Délivre-nous du mal

Délivre-nous du mal

Le pasteur Pierre Amey livre ses expériences et ses recherches dans une conférence sur la réalité, supposée ou non, des anges et des démons.

Le pasteur Pierre Amey livre ses expériences et ses recherches dans une conférence sur la réalité, supposée ou non, des anges et des démons.

Photo: Au Moyen Age, les gargouilles, comme cette figure de la Tour saint Jacques à Paris, avaient pour fonction de faire fuir les démons. CC(by-nc-nd)Philippe Leroyer

Par Myriam Bettens

L’Eglise a eu tendance à évacuer les questions liées aux êtres surnaturels, constate Pierre Amey ancien pasteur de l’Eglise réformée évangélique du canton de Neuchâtel (EREN). Elle l’a fait par opposition à certains mouvements charismatiques qui voient dans les manifestations démoniaques la réponse à tous les problèmes posés. Il sera l’orateur principal d’une conférence en deux volets, proposée au Landeron par la paroisse Entre-deux-Lacs de l’EREN les 1er et 8 février prochains.

Sans vouloir «voir le diable partout», il ne se considère pas comme un exorciste pratiquant la «délivrance à chaque culte». Pourtant, le pasteur tient pour acquis le fait qu’«il existe des phénomènes qui nous dépassent», auxquels il faut répondre. André Malraux avait certainement raison de dire que le XXIe siècle serait religieux, ou ne serait pas. Plus qu’un phénomène de mode, le regain d’intérêt pour les anges, paradoxalement aussi pour le Diable, révèle peut-être une volonté d’éliminer ce Dieu compris comme trop abstrait. Cet attrait manifeste probablement une soif de réenchanter le monde qui nous entoure. Une brèche dans laquelle le marketing spirituel, le new age et les courants ésotériques ont su s’engouffrer avec succès.

Lors de ces conférences, il ne sera pas question de fantastique ou de paranormal, mais plutôt d’un décryptage d’expériences vécues dans la région, explique l’orateur. Lorsqu’on parle de bruits de pas inexpliqués, de «présence» au pied d’un lit ou de coups frappés contre une paroi, cela a tendance à interpeler et même à effrayer.
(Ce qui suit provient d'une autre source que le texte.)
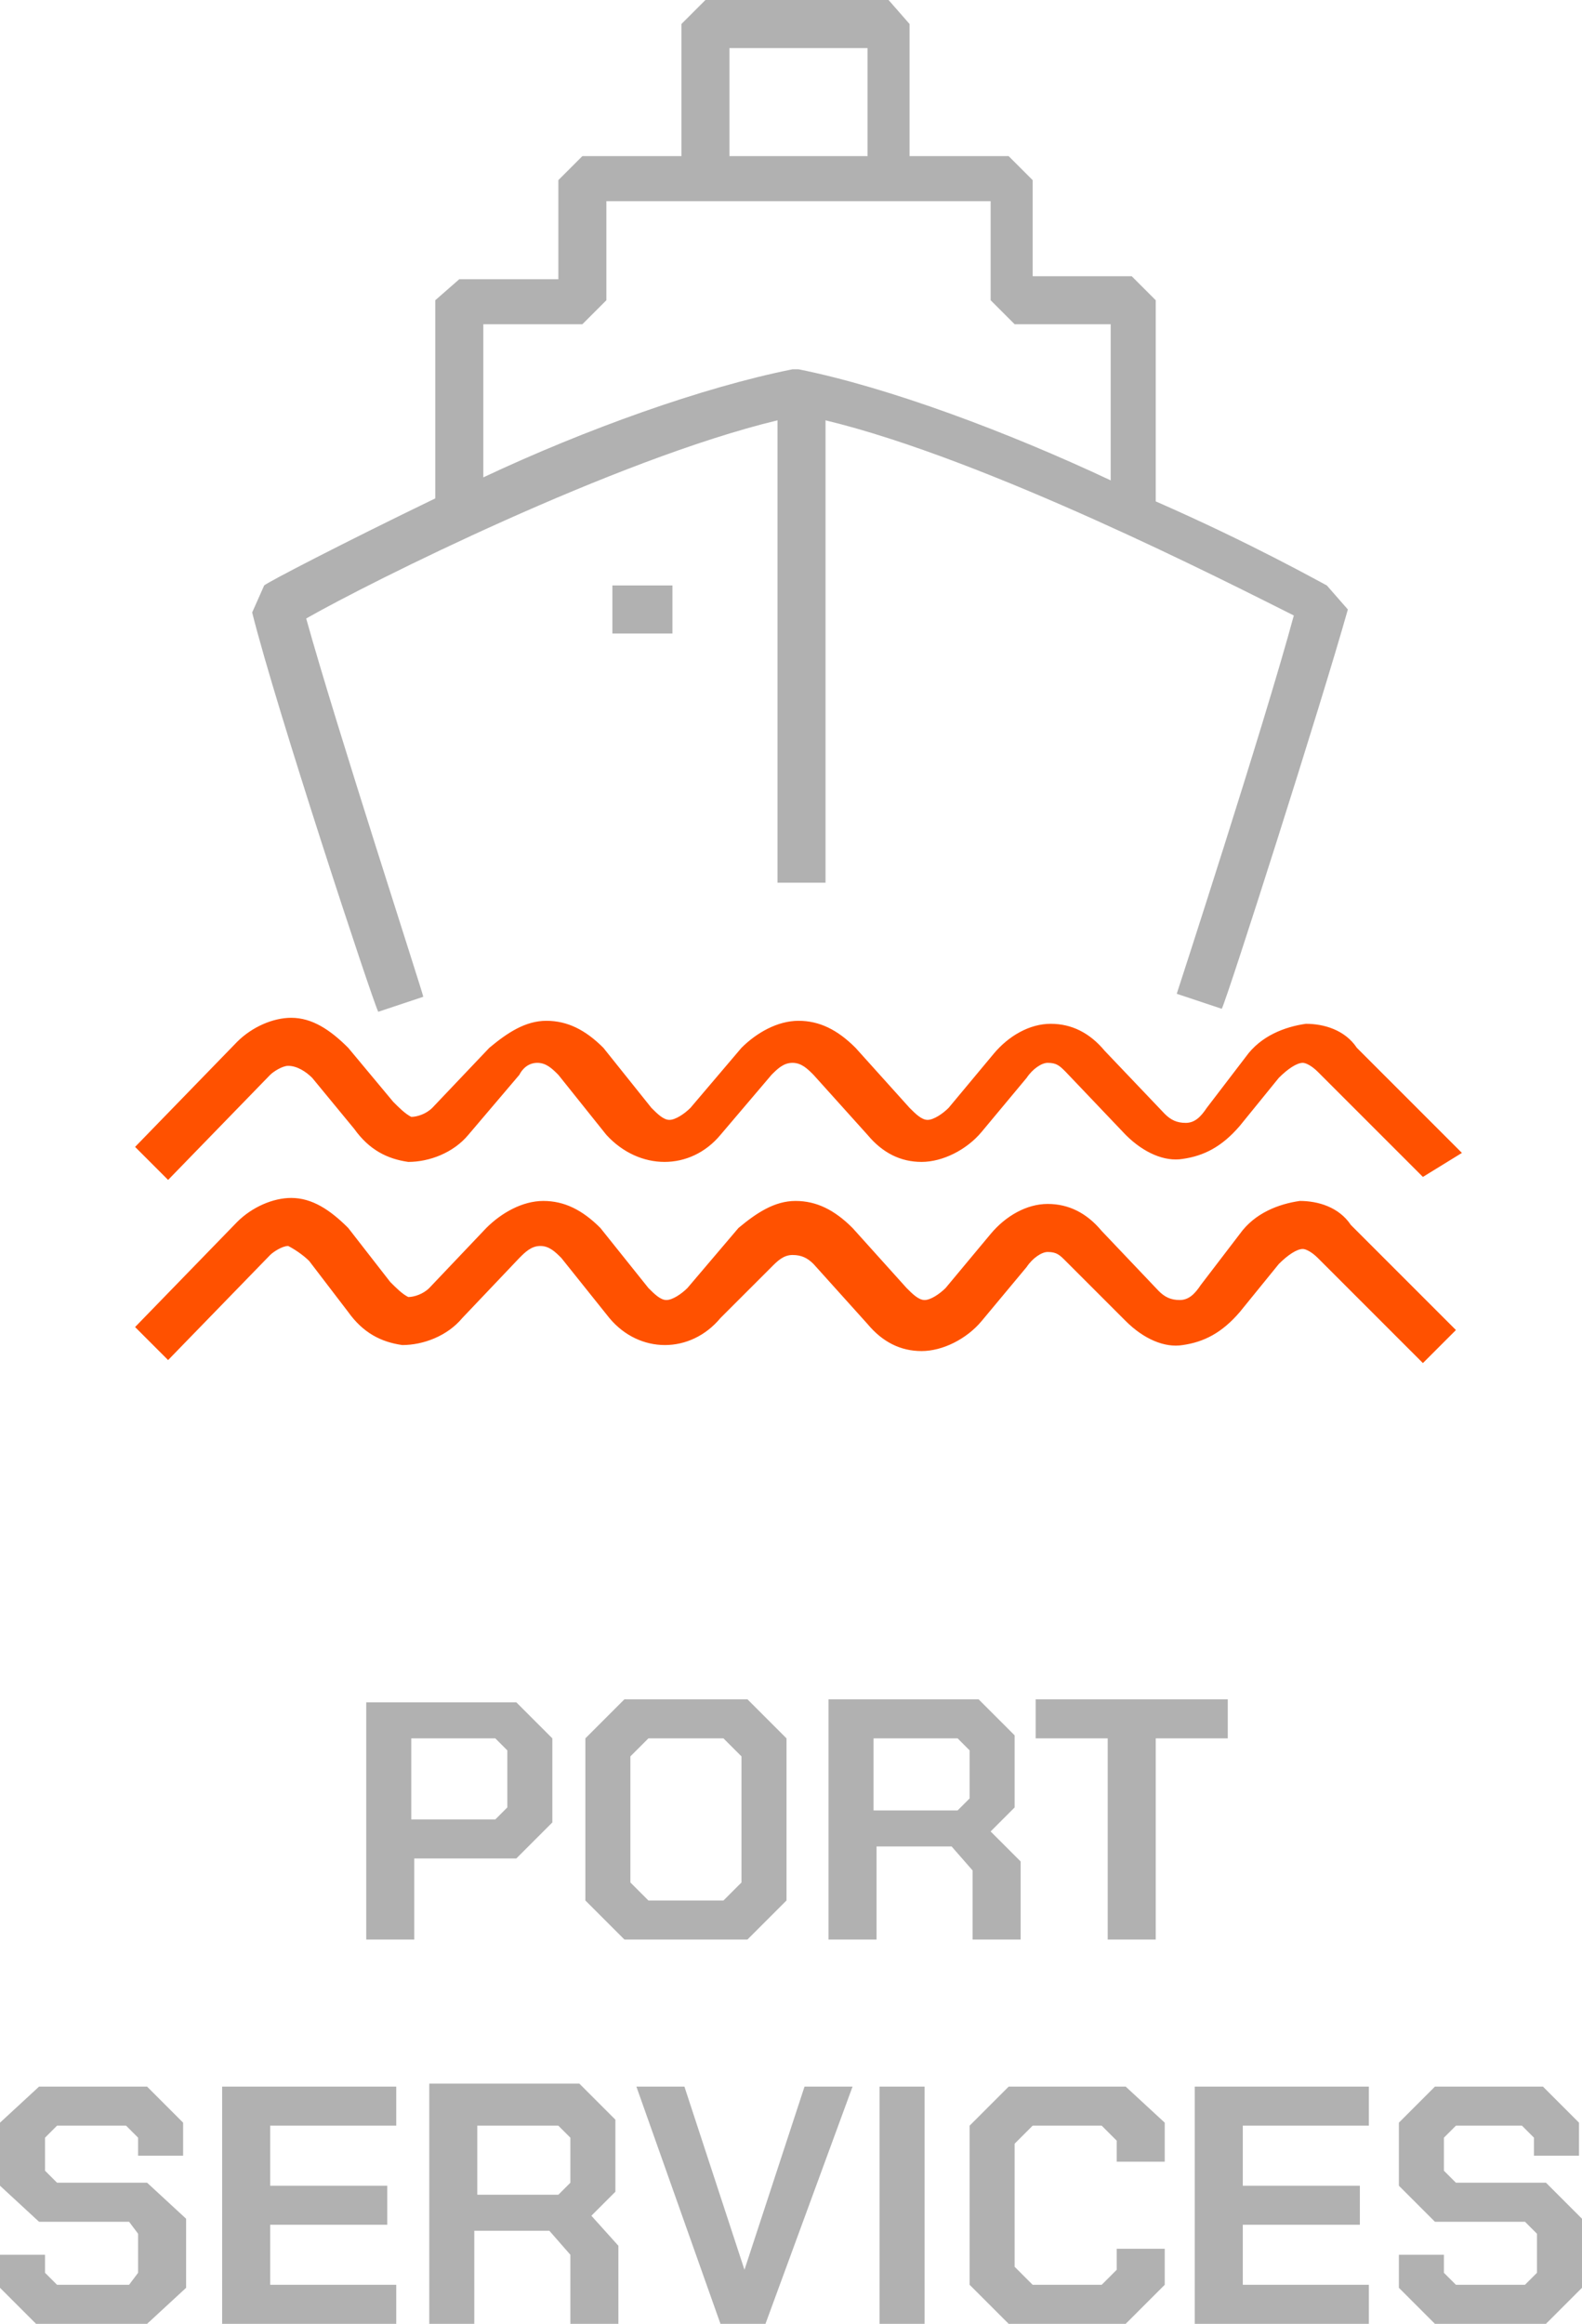 <?xml version="1.0" encoding="utf-8"?>
<!-- Generator: Adobe Illustrator 25.2.3, SVG Export Plug-In . SVG Version: 6.00 Build 0)  -->
<svg version="1.1" id="Layer_1" xmlns="http://www.w3.org/2000/svg" xmlns:xlink="http://www.w3.org/1999/xlink" x="0px" y="0px"
	 width="52.7px" height="77.4px" viewBox="0 0 52.7 77.4" style="enable-background:new 0 0 52.7 77.4;" xml:space="preserve">
<style type="text/css">
	.st0{fill:#FF5100;}
	.st1{fill:#B1B1B1;}
</style>
<g>
	<g>
		<path class="st0" d="M47.4,39.2l-3.5-3.5c-0.2-0.2-0.4-0.3-0.5-0.3c-0.2,0-0.5,0.2-0.8,0.5l-1.3,1.6c-0.6,0.7-1.2,1-1.9,1.1
			c-0.6,0.1-1.3-0.2-1.9-0.8l-2-2.1c-0.2-0.2-0.3-0.3-0.6-0.3c-0.2,0-0.5,0.2-0.7,0.5l-1.5,1.8c-0.5,0.6-1.3,1-2,1
			c-0.7,0-1.3-0.3-1.8-0.9l-1.8-2c-0.2-0.2-0.4-0.4-0.7-0.4c-0.3,0-0.5,0.2-0.7,0.4l-1.7,2c-1,1.2-2.7,1.2-3.8,0l-1.6-2
			c-0.2-0.2-0.4-0.4-0.7-0.4s-0.5,0.2-0.6,0.4l-1.7,2c-0.5,0.6-1.3,0.9-2,0.9c-0.7-0.1-1.3-0.4-1.8-1.1l-1.4-1.7
			c-0.2-0.2-0.5-0.4-0.8-0.4c-0.2,0-0.5,0.2-0.6,0.3l-3.4,3.5l-1.1-1.1l3.4-3.5c0.5-0.5,1.2-0.8,1.8-0.8c0.7,0,1.3,0.4,1.9,1
			l1.5,1.8c0.2,0.2,0.4,0.4,0.6,0.5c0.2,0,0.5-0.1,0.7-0.3l1.9-2c0.6-0.5,1.2-0.9,1.9-0.9c0.7,0,1.3,0.3,1.9,0.9l1.6,2
			c0.2,0.2,0.4,0.4,0.6,0.4c0.2,0,0.5-0.2,0.7-0.4l1.7-2c0.5-0.5,1.2-0.9,1.9-0.9c0.7,0,1.3,0.3,1.9,0.9l1.8,2
			c0.2,0.2,0.4,0.4,0.6,0.4c0.2,0,0.5-0.2,0.7-0.4l1.5-1.8c0.5-0.6,1.2-1,1.9-1c0.7,0,1.3,0.3,1.8,0.9l2,2.1
			c0.2,0.2,0.4,0.3,0.7,0.3s0.5-0.2,0.7-0.5l1.3-1.7c0.5-0.7,1.3-1,2-1.1c0.6,0,1.3,0.2,1.7,0.8l3.5,3.5L47.4,39.2z"/>
		<path class="st0" d="M47.4,45.4l-3.5-3.5c-0.2-0.2-0.4-0.3-0.5-0.3c-0.2,0-0.5,0.2-0.8,0.5l-1.3,1.6c-0.6,0.7-1.2,1-1.9,1.1
			c-0.6,0.1-1.3-0.2-1.9-0.8l-2-2c-0.2-0.2-0.3-0.3-0.6-0.3c-0.2,0-0.5,0.2-0.7,0.5l-1.5,1.8c-0.5,0.6-1.3,1-2,1
			c-0.7,0-1.3-0.3-1.8-0.9l-1.8-2c-0.2-0.2-0.4-0.3-0.7-0.3c-0.3,0-0.5,0.2-0.7,0.4L24,43.9c-1,1.2-2.7,1.2-3.7,0l-1.6-2
			c-0.2-0.2-0.4-0.4-0.7-0.4c-0.3,0-0.5,0.2-0.7,0.4l-1.9,2c-0.5,0.6-1.3,0.9-2,0.9c-0.7-0.1-1.3-0.4-1.8-1.1L10.3,42
			c-0.2-0.2-0.5-0.4-0.7-0.5c-0.2,0-0.5,0.2-0.6,0.3l-3.4,3.5l-1.1-1.1l3.4-3.5c0.5-0.5,1.2-0.8,1.8-0.8c0.7,0,1.3,0.4,1.9,1
			l1.4,1.8c0.2,0.2,0.4,0.4,0.6,0.5c0.2,0,0.5-0.1,0.7-0.3l1.9-2c0.5-0.5,1.2-0.9,1.9-0.9c0.7,0,1.3,0.3,1.9,0.9l1.6,2
			c0.2,0.2,0.4,0.4,0.6,0.4c0.2,0,0.5-0.2,0.7-0.4l1.7-2c0.6-0.5,1.2-0.9,1.9-0.9c0.7,0,1.3,0.3,1.9,0.9l1.8,2
			c0.2,0.2,0.4,0.4,0.6,0.4c0.2,0,0.5-0.2,0.7-0.4l1.5-1.8c0.5-0.6,1.2-1,1.9-1c0.7,0,1.3,0.3,1.8,0.9l1.9,2
			c0.2,0.2,0.4,0.3,0.7,0.3c0.3,0,0.5-0.2,0.7-0.5l1.3-1.7c0.5-0.7,1.3-1,2-1.1c0.6,0,1.3,0.2,1.7,0.8l3.5,3.5L47.4,45.4z"/>
		<path class="st1" d="M16.1,10.8h3.3l0.8-0.8V6.7H33V10l0.8,0.8H37v5.2c-3.4-1.6-7.4-3.1-10.4-3.7h-0.2c-3,0.6-6.9,2-10.3,3.6
			L16.1,10.8L16.1,10.8z M24.3,1.6h4.6v3.6h-4.6V1.6z M44.2,19.5c-0.2-0.1-2.5-1.4-5.7-2.8V10l-0.8-0.8h-3.3V6l-0.8-0.8h-3.3V0.8
			L29.6,0h-6.1l-0.8,0.8v4.4h-3.3L18.6,6v3.3h-3.3L14.5,10v6.6c-3.1,1.5-5.6,2.8-5.7,2.9l-0.4,0.9c0.8,3.2,4,12.9,4.2,13.3l1.5-0.5
			c0-0.1-2.9-9-3.9-12.6c2.1-1.2,10.3-5.3,15.7-6.6v15.4h1.6V14c5.4,1.3,13.4,5.4,15.6,6.5c-1,3.7-3.9,12.6-3.9,12.6l1.5,0.5
			c0.2-0.4,3.3-10.1,4.2-13.3L44.2,19.5z"/>
	</g>
	<rect x="20.4" y="19.5" class="st1" width="2" height="1.6"/>
	<polygon class="st1" points="0,76.2 0,75.1 1.5,75.1 1.5,75.7 1.9,76.1 4.3,76.1 4.6,75.7 4.6,74.4 4.3,74 1.3,74 0,72.8 0,70.7 
		1.3,69.5 4.9,69.5 6.1,70.7 6.1,71.8 4.6,71.8 4.6,71.2 4.2,70.8 1.9,70.8 1.5,71.2 1.5,72.3 1.9,72.7 4.9,72.7 6.2,73.9 6.2,76.2 
		4.9,77.4 1.2,77.4 	"/>
	<polygon class="st1" points="7.4,69.5 13.2,69.5 13.2,70.8 9,70.8 9,72.8 12.9,72.8 12.9,74.1 9,74.1 9,76.1 13.2,76.1 13.2,77.4 
		7.4,77.4 	"/>
	<path class="st1" d="M15.9,73.1h2.7l0.4-0.4v-1.5l-0.4-0.4h-2.7V73.1z M20.6,74.8v2.6H19v-2.3l-0.7-0.8h-2.5v3.1h-1.5v-8h5l1.2,1.2
		v2.4l-0.8,0.8L20.6,74.8z"/>
	<polygon class="st1" points="21.2,69.5 22.8,69.5 24.8,75.6 24.8,75.6 26.8,69.5 28.4,69.5 25.5,77.4 24,77.4 	"/>
	<rect x="29.3" y="69.5" class="st1" width="1.5" height="8"/>
	<polygon class="st1" points="32.3,76.1 32.3,70.8 33.6,69.5 37.5,69.5 38.8,70.7 38.8,72 37.2,72 37.2,71.3 36.7,70.8 34.4,70.8 
		33.8,71.4 33.8,75.5 34.4,76.1 36.7,76.1 37.2,75.6 37.2,74.9 38.8,74.9 38.8,76.1 37.5,77.4 33.6,77.4 	"/>
	<polygon class="st1" points="39.8,69.5 45.6,69.5 45.6,70.8 41.4,70.8 41.4,72.8 45.3,72.8 45.3,74.1 41.4,74.1 41.4,76.1 
		45.6,76.1 45.6,77.4 39.8,77.4 	"/>
	<polygon class="st1" points="46.6,76.2 46.6,75.1 48.1,75.1 48.1,75.7 48.5,76.1 50.8,76.1 51.2,75.7 51.2,74.4 50.8,74 47.8,74 
		46.6,72.8 46.6,70.7 47.8,69.5 51.4,69.5 52.6,70.7 52.6,71.8 51.1,71.8 51.1,71.2 50.7,70.8 48.5,70.8 48.1,71.2 48.1,72.3 
		48.5,72.7 51.5,72.7 52.7,73.9 52.7,76.2 51.5,77.4 47.8,77.4 	"/>
	<path class="st1" d="M34.5,56.6v1.3h2.4v6.7h1.6v-6.7h2.4v-1.3H34.5z M27.6,56.6v8h1.6v-3.1h2.5l0.7,0.8v2.3h1.6v-2.6L33,61
		l0.8-0.8v-2.4l-1.2-1.2H27.6z M29.1,57.9h2.8l0.4,0.4v1.6l-0.4,0.4h-2.8V57.9z M20.8,56.6l-1.3,1.3v5.4l1.3,1.3h4.1l1.3-1.3v-5.4
		l-1.3-1.3H20.8z M21,62.7v-4.2l0.6-0.6h2.5l0.6,0.6v4.2l-0.6,0.6h-2.5L21,62.7z M12.2,56.6v8h1.6v-2.7h3.4l1.2-1.2v-2.8l-1.2-1.2
		H12.2z M13.7,57.9h2.8l0.4,0.4v1.9l-0.4,0.4h-2.8V57.9z"/>
</g>
</svg>

Face à des demandes répétées de responsables de paroisses et d’individus en réel désarroi, le pasteur Pierre Amey essaie d’apporter une réponse.

«S’il existe un monde spirituel, c’est qu’il existe aussi un monde ténébreux». C’est à cause de ce monde obscur que Pierre Amey recommande un principe de prudence. Il exhorte ceux qui «par jeu» s’essaient aux pratiques occultes à s’en tenir éloignés. Il préconise aussi la précaution à l’encontre des «charlatans» qui font commerce de la détresse dans laquelle sont plongées certaines personnes. Il met aussi en garde contre une propension à tout confondre, en rejetant la responsabilité de tous les maux qui accablent sur une puissance plus ou moins personnifiée plutôt que de chercher une cause psychique. De même, les phénomènes de «démonopathies», supposés ou avérés, ne sont peut-être pas tous à classer dans la case des cas psychiatriques. Ces situations demandent aussi parfois le «secours religieux».

Réformés prudents sur ce thème

A l’égard d’une telle souffrance, un travail d’écoute et d’accompagnement spirituel pourrait aider. Mais Daniel Pétremand, pasteur et aumônier au CHUV à Lausanne, parle plus volontiers «d’énergies positives ou négatives, empreintes de mystère» quand il aborde la difficile question de l’accompagnement de personnes aux prises avec leurs démons. Pour lui, le fait d’avoir recours aux figures angéliques ou démoniaques donne la possibilité d’exprimer des «tiraillements» intérieurs. Cela permet de trouver une sorte de responsable à une peur insurmontable que l’on garde. C’est aussi l’expression d’un désarroi qui correspond à une plus grande fragilité de l’être humain. Un sentiment de non-maîtrise de l’existence et une part de limite.

«L'Eglise réformée a toujours été très prudente sur ces thèmes», complète Cosette Odier, aumônière du CHUV retraitée. Elle donne comme exemple: «L'Eglise réformée a contribué à brûler les sorcières en son temps, mais n'a jamais eu d'exorciste officiel». Quant à l'accompagnement, la pasteure précise «il se fait d'habitude en collaboration avec un psychiatre. Ces phénomènes sont souvent associés à un trouble de la personnalité. Mais il faut du doigté pour respecter les croyances des personnes tout en essayant de l'aider à accueillir une autre image de Dieu, plutôt miséricordieux et compatissant qui protège du Mal. C'est souvent difficile et le mieux est parfois de se retirer pour ne pas exacerber des croyances qui font souffrir la personne.»